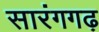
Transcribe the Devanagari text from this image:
सारंगगढ़
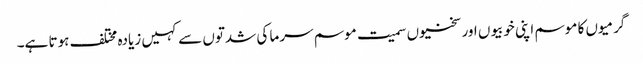
گرمیوں کا موسم اپنی خوبیوں اور سختیوں سمیت موسم سرما کی شدتوں سے کہیں زیادہ مختلف ہوتا ہے۔
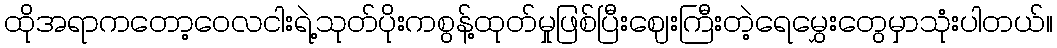
ထိုအရာကတော့ဝေလငါးရဲ့သုတ်ပိုးကစွန့်ထုတ်မှုဖြစ်ပြီးဈေးကြီးတဲ့ရေမွှေးတွေမှာသုံးပါတယ်။
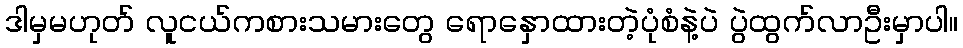
ဒါမှမဟုတ် လူငယ်ကစားသမားတွေ ရောနှောထားတဲ့ပုံစံနဲ့ပဲ ပွဲထွက်လာဦးမှာပါ။
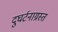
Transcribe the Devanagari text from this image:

▶ _EXERCISE DETAILS_
What is needed is an exact copy of all the data, with no images in it.

▶ _RESULT OF THIS TASK_
Transcribe the Devanagari text from this image:
सारंगगढ़
گرمیوں کا موسم اپنی خوبیوں اور سختیوں سمیت موسم سرما کی شدتوں سے کہیں زیادہ مختلف ہوتا ہے۔
ထိုအရာကတော့ဝေလငါးရဲ့သုတ်ပိုးကစွန့်ထုတ်မှုဖြစ်ပြီးဈေးကြီးတဲ့ရေမွှေးတွေမှာသုံးပါတယ်။
ဒါမှမဟုတ် လူငယ်ကစားသမားတွေ ရောနှောထားတဲ့ပုံစံနဲ့ပဲ ပွဲထွက်လာဦးမှာပါ။
Transcribe the Devanagari text from this image:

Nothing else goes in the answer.